Items from a data source

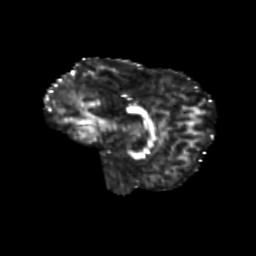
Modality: FA
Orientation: sagittal
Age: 9
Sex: female
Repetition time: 9.512 s
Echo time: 0.089 s
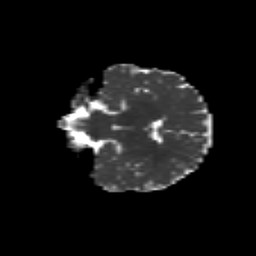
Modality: MD
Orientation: coronal
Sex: female
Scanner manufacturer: siemens
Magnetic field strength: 3 T
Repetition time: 5 s
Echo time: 0.071 s
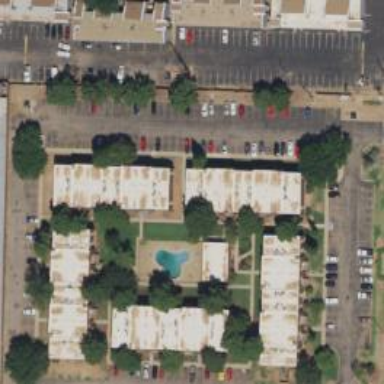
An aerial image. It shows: Residential area with apartments.
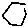
Label: hexagon
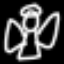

→ **Assignment**
Could you return each entry word for word, with the images omitted?

→ **Answer for this exercise**
Modality: FA
Orientation: sagittal
Age: 9
Sex: female
Repetition time: 9.512 s
Echo time: 0.089 s
Modality: MD
Orientation: coronal
Sex: female
Scanner manufacturer: siemens
Magnetic field strength: 3 T
Repetition time: 5 s
Echo time: 0.071 s
An aerial image. It shows: Residential area with apartments.
Label: hexagon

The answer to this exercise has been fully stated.